---- Study material
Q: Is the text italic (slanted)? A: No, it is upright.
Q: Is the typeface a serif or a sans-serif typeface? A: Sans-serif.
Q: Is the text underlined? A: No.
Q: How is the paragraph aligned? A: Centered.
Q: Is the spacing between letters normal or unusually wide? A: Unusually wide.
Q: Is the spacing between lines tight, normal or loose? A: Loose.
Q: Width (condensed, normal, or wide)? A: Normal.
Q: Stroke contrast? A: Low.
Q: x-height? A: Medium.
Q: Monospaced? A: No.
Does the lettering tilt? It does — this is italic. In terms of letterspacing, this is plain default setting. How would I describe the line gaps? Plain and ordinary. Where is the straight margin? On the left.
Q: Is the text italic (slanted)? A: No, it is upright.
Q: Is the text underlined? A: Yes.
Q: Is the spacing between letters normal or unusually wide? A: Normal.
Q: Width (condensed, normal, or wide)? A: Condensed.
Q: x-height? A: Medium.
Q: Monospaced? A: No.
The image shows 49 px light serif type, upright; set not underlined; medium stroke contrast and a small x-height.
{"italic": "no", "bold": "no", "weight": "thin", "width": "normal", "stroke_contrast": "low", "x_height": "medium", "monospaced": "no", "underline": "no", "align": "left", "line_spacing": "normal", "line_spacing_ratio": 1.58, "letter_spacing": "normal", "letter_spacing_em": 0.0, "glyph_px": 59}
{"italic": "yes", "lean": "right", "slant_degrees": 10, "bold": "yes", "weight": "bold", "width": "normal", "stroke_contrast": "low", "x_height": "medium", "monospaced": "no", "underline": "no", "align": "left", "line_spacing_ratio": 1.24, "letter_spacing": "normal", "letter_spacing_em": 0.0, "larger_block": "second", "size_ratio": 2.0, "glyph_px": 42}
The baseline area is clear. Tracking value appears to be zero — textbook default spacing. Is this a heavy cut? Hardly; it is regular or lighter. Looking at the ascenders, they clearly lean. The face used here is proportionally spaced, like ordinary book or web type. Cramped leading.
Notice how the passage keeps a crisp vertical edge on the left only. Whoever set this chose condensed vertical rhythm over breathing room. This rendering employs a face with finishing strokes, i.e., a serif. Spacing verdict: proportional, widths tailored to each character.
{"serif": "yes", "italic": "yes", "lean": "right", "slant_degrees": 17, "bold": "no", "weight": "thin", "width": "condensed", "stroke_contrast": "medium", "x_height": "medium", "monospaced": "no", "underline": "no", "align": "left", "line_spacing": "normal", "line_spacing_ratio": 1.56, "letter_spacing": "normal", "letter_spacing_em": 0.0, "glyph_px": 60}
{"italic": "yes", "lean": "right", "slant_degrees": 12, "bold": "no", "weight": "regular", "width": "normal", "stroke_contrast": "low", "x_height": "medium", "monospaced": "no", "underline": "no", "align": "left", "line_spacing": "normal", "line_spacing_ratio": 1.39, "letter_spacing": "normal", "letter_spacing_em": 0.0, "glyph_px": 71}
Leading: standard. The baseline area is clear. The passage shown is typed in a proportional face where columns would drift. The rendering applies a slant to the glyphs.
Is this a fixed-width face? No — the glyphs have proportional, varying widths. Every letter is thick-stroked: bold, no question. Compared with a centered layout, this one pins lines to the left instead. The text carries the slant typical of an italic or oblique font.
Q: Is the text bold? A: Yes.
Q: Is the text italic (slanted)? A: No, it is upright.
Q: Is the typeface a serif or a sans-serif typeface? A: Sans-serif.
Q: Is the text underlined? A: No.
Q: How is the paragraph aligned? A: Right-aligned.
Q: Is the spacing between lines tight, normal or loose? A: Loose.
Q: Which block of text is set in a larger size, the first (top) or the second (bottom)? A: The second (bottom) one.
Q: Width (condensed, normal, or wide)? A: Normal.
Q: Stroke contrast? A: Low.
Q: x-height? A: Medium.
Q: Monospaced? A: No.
--------
Exercise requirements → Lines of the listing that contain the word "this" are to be counted; report only their number.

Reply → 4